Estimation of local dependence graphs via Hawkes processes to unravel functional neuronal connectivity (2/2)
Séminaire Modèles et Algorithmes Déterministes: MODANT
15/01/2014 - 11:15 Mme Patricia Reynaud-Bouret (Université de Nice Sophia Antiplois) Salle 1 - Tour IRMA
Sensory perception emerges from the coordinated activity of many cortical neurons that individually respond to selected features of a stimulus. While their discharge is primarily driven by feedforward inputs from the periphery, each cortical neuron might contribute to the responsiveness of the surrounding neurons of the network and thus to the formation of a perception. Indeed, feedforward inputs comprise only 10-15% of the anatomical inputs onto a given cortical neuron. What are the other 90% of the inputs doing? How do they shape the neuronal response to sensory stimulation? Answering these questions not only implies to simultaneously record multiple neuronal ensemble activities but also to develop new analysis methods to quantify the dependencies among the recorded neurons. The first part of the seminar aims to review some of the current techniques that allow a time-resolved analysis of the correlation dynamics between pair of neurons and the few available methods, which might deal with multiple neurons. In a second step, we will present an adaptation of the Least Absolute Shrinkage and Selection Operator “LASSO” method to the analysis of correlation dynamics of small neuronal populations.
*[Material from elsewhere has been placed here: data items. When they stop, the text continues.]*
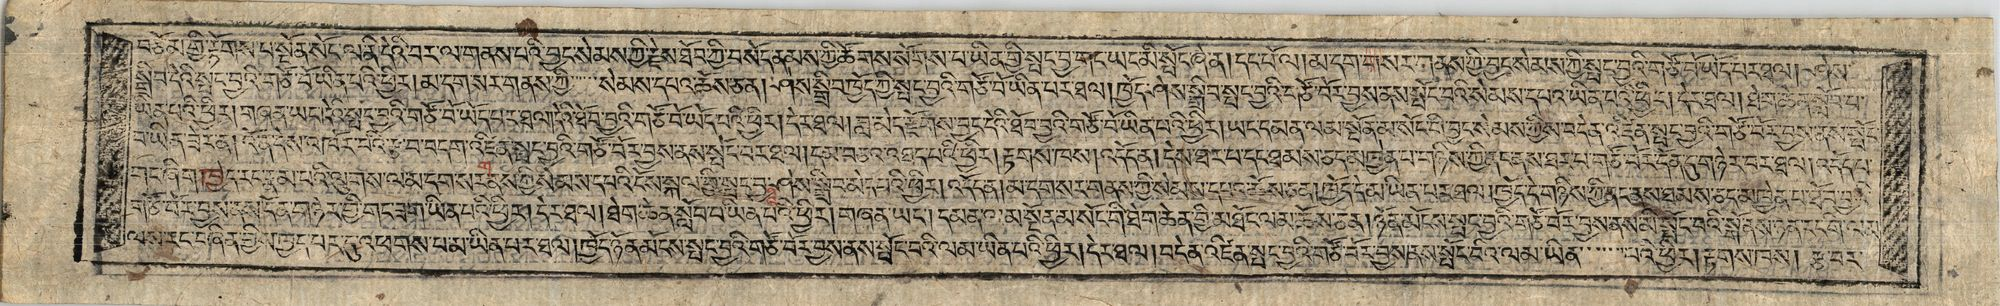བཅོམ་གྱི་རྟོགས་པ་སྔོན་སོང་ལ་ནི་དེའི་བར་ལ་གནས་པའི་བྱང་སེམས་ཀྱི་རྗེས་ཐོབ་ཀྱི་བསོད་ནམས་ཀྱི་ཚོགས་སོགས་པ་ཡིན་གྱི་སྤང་བྱ་གང་ཡང་མི་སྤོང་ཞེ་ན། དང་པོ་ལ། མ་དག་སར་གནས་ཀྱི་བྱང་སེམས་ཀྱི་སྤང་བྱའི་གཙོ་བོ་ཡོད་པར་ཐལ། ཤེས་
སྒྲིབ་དེའི་སྤང་བྱའི་གཙོ་བོ་ཡིན་པའི་ཕྱིར། མ་དག་སར་གནས་ཀྱི་སེམས་དཔའ་ཆོས་ཅན། ཤེས་སྒྲིབ་ཁྱོད་ཀྱི་སྤང་བྱའི་གཙོ་བོ་ཡིན་པར་ཐལ། ཁྱོད་ཤེས་སྒྲིབ་སྤང་བྱའི་གཙོ་བོར་བྱས་ནས་སྤོང་བའི་སེམས་དཔའ་ཡིན་པའི་ཕྱིར། དེར་ཐལ། ཐེག་ཆེན་སློབ་པ་
ཡིན་པའི་ཕྱིར། གཞན་ཡང་། དེའི་སྤང་བྱའི་གཙོ་བོ་ཡོད་པར་ཐལ། དེའི་ཐོབ་བྱའི་གཙོ་བོ་ཡོད་པའི་ཕྱིར། དེར་ཐལ། བླ་མེད་རྫོགས་བྱང་དེའི་ཐོབ་བྱའི་གཙོ་བོ་ཡིན་པའི་ཕྱིར། ཡང་དམན་ལམ་སྔོན་མ་སོང་གི་བྱང་སེམས་ཀྱིས་བདེན་འཛིན་སྤང་བྱའི་གཙོ་བོར་བྱས་ནས་སྤོང་
བ་ཡིན་ཟེར་ན། འོ་ན་དེས་འཁོར་བའི་རྩ་བ་བདག་འཛིན་སྤང་བྱའི་གཙོ་བོར་བྱས་ནས་སྤོང་བར་ཐལ། དམ་བཅའ་འཐད་པའི་ཕྱིར། རྟགས་ཁས། འདོད་ན། དེས་ཐར་པ་དང་ཐམས་ཅད་མཁྱེན་པ་གཉིས་ཀྱི་ནང་ནས་ཐར་པ་གཙོ་བོར་དོན་དུ་གཉེར་བར་ཐལ། འདོད་པ་
གང་ཞིག་ཁྱེད་རང་རྣམ་བའི་ལུགས་ལ་མ་དག་སར་གནས་ཀྱི་སེམས་དཔའི་ངོས་སྐལ་གྱི་སྤང་བྱི་ཤེས་སྒྲིབ་མེད་པའི་ཕྱིར། འདོད་ན། མ་དག་སར་གནས་ཀྱི་སེམས་དཔའ་ཆོས་ཅན། ཁྱོད་དེ་མ་ཡིན་པར་ཐལ། ཁྱོད་དེ་གཉིས་ཀྱི་ནང་ནས་ཐམས་ཅད་མཁྱེན་པ་ཐོབ་བྱའི་
གཙོ་བོར་བྱས་ནས་དོན་གཉེར་གྱི་གང་ཟག་ཡིན་པའི་ཕྱིར། དེར་ཐལ། ཐེག་ཆེན་སློབ་པ་ཡིན་པའི་ཕྱིར། གཞན་ཡང་། དམན་ལམ་སྔོན་མ་སོང་གི་ཐེག་ཆེན་གྱི་མཐོང་ལམ་ཆོས་ཅན། ཉོན་མོངས་སྤང་བྱའི་གཙོ་བོར་བྱས་ནས་མི་སྤོང་བའི་སྒོ་ནས་ཉན་རང་གི་ལམ་
ལས་རང་བཞིན་གྱིས་ཁྱད་པར་དུ་འཕགས་པ་མ་ཡིན་པར་ཐལ། ཁྱོད་ཉོན་མོངས་སྤང་བྱའི་གཙོ་བོར་བྱས་ནས་སྤང་བའི་ལམ་ཡིན་པའི་ཕྱིར། དེར་ཐལ། བདེན་འཛིན་སྤང་བྱའི་གཙོ་བོར་བྱས་ནས་སྤོང་བའི་ལམ་ཡིན་པའི་ཕྱིར། རྟགས་ཁས། རྩ་བར་

Indeed, due to its low computational cost, Lasso is an attractive regularization method for high-dimensional statistical settings. Within our framework, we consider multivariate counting processes depending on an unknown function parameter to be estimated by linear combinations of a fixed dictionary. To select coefficients, we propose an adaptive l-penalization methodology, where data-driven weights of the penalty are derived from new Bernstein type inequalities for martingales. Oracle inequalities are established under assumptions on the Gram matrix of the dictionary. This method is then applied to Hawkes processes as model for spike train analysis. The estimation allows us to recover the functional underlying connectivity as the local dependence graph that has been estimated. Simulations and real data analysis show the excellent performances of our method in practice.